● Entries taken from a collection
»»

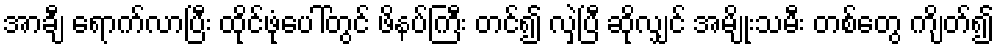
အာချီ ရောက်လာပြီး ထိုင်ဖုံပေါ်တွင် ဖိနပ်ကြီး တင်၍ လှဲပြီ ဆိုလျှင် အမျိုးသမီး တစ်တွေ ကျိတ်၍
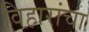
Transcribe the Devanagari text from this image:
विहारांचा
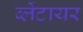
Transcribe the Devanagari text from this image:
ब्लेंटायर
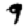
Digit: 9
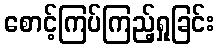
စောင့်ကြပ်ကြည့်ရှုခြင်း
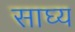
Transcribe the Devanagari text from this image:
साघ्य
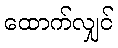
ထောက်လျှင်
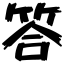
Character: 答
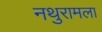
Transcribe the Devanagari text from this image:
नथुरामला
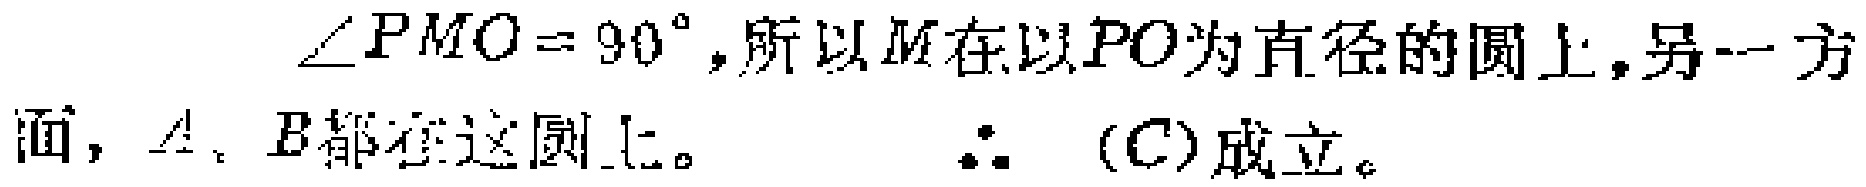
$\angle PMO = 90^{\circ},所以M在以PO为直径的圆上,另一方面,A、B都在这圆上。\therefore  (C)成立。$
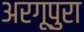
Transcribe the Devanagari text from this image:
अरगूपुरा
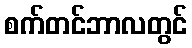
စက်တင်ဘာလတွင်

««

● EXERCISE DIRECTIONS
Take the line that contains "Character: 答" and every line after it up to the end of the records above, and restate them exactly, without the pictures.

● RESPONSE AREA
Character: 答
Transcribe the Devanagari text from this image:
नथुरामला
$\angle PMO = 90^{\circ},所以M在以PO为直径的圆上,另一方面,A、B都在这圆上。\therefore  (C)成立。$
Transcribe the Devanagari text from this image:
अरगूपुरा
စက်တင်ဘာလတွင်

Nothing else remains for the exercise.